Identify the methyl ester peaks of the sample from the chromatogram in Appendix B, figure 1, if necessary by interpolation, or by comparison with those of the methyl esters reference mixtures (as indicated at point 2.3).
Calculate the mass fraction w i of the individual fatty acid methyl esters, expressed as a percentage by mass of methyl esters, as follows:
Calculate the content of a given component i, expressed as a percentage by mass of methyl esters, by determining the percentage represented by the area of the corresponding peak relative to the sum of the areas of all the peaks, using the following formula:
w i = (A i /ΣA) × 100
where:
A i is the area under the peak of the individual fatty acid methyl ester i ;
ΣA is the sum of the areas under all the peaks of all the individual fatty acid methyl esters.
The results are expressed to two decimal places.
In certain cases, for example in the presence of fatty acids with less than eight carbon atoms or of acids with secondary groups, the areas shall be corrected with specific correction factors (Fci). These factors shall be determined for each single instrument. For this purpose suitable reference materials with certified fatty acid composition in the corresponding range shall be used.
For this reference mixture, the mass percentage of the FAME i is given by the formula:
w i = (m i /Σ m) × 100
where
m i is the mass of the FAME i in the reference mixture;
Σm is the total of the masses of the various components as FAMEs of the reference mixture.
From the chromatogram of the reference mixture, calculate the percentage by area for the FAME i as follows:
w i = (A i /ΣA) × 100
where:
A i is the area of the FAME i in the reference mixture;
ΣA is the sum of all the areas of all the FAMEs of the reference mixture.
The correction factor F c is then
F c = (m i × ΣA)/(A i /Σm)
For the sample, the percentage by mass of each FAME i is:
w i = (F i × A i )/Σ (F i × A i )
The results are expressed to two decimal places.

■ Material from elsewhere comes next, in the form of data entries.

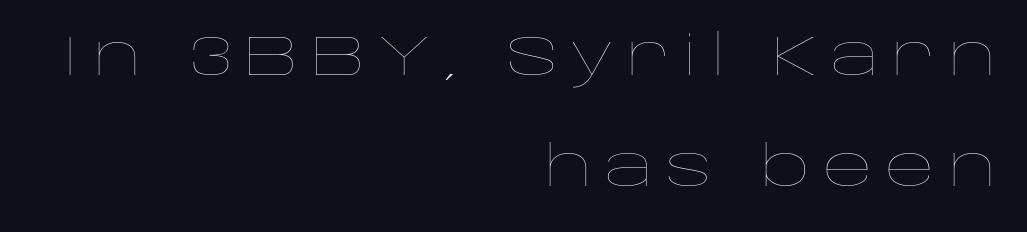
The type is letterspaced generously, with wide tracking. The rendering uses natural spacing where letterforms have individual widths. The weight tops out at a normal text grade. Letters rest on an invisible, unmarked baseline.
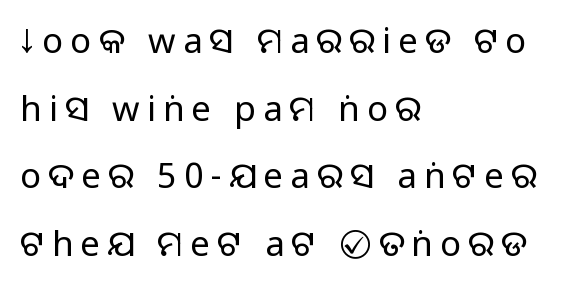
The passage shown is typeset with a sans-serif family. Is there much room between lines? Yes — plenty of vertical air separates them. Line beginnings align vertically; line endings do not. Spacing verdict: proportional, widths tailored to each character. Designer's note — italics off, roman on.
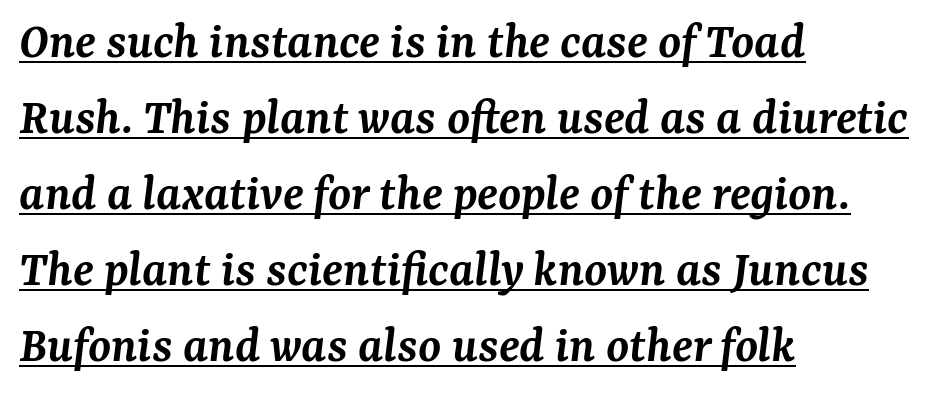
{"serif": "yes", "italic": "yes", "lean": "right", "slant_degrees": 7, "bold": "semi", "weight": "semibold", "width": "normal", "stroke_contrast": "medium", "x_height": "medium", "monospaced": "no", "underline": "yes", "align": "left", "line_spacing": "normal", "line_spacing_ratio": 1.46, "letter_spacing": "normal", "letter_spacing_em": 0.0, "glyph_px": 52}

In certain analyses (for example where not all of the fatty acids are quantified, such as when acids with four and six carbons are present alongside acids with 16 and 18 carbons, or when it is necessary to determine the absolute amount of a fatty acid in a sample) it is necessary to use an Internal Standard. Fatty acids with 5, 15 or 17 carbons are frequently used. The correction factor (if any) for the Internal Standard should be determined.
The percentage by mass of component i, expressed as methyl esters, is then given by the formula:
w i = (m IS × F i × A i )/(m × F IS × A IS )
where:
A i is the area the FAME i ;
A IS is the area of the internal standard;
F i is the correction factor of the fatty acid i , expressed as FAME;
F IS is the correction factor of the internal standard;
m is the mass of the test portion, in milligrams
m IS is the mass of the internal standard, in milligrams.
The results are expressed to two decimal places.
The test report shall specify the methods used for the preparation of the methyl esters and for the gas chromatographic analysis. It shall also mention all operating details not specified in this Standard Method, or regarded as optional, together with details of any incidents which may have influenced the results.
The test report shall include all the information necessary for complete identification of the sample.
Details of an interlaboratory test on the precision of the method are set out in Annex C to standard IOC/T.20/Doc. No 33. The values derived from this interlaboratory test may not be applicable to concentration ranges and matrices other than those given.
The absolute difference between two independent single test results, obtained using the same method on identical test material in the same laboratory by the same operator using the same equipment within a short interval of time, will in not more than 5 % of cases be greater than r given in tables 1 to 14 in Annex C to standard IOC/T.20/Doc. No 33.
The absolute difference between two single test results, obtained using the same method on identical test material in different laboratories with different operators using different equipment, will in not more than 5 % of cases be greater than R given in tables 1 to 14 in Annex C to standard IOC/T.20/Doc. No 33.]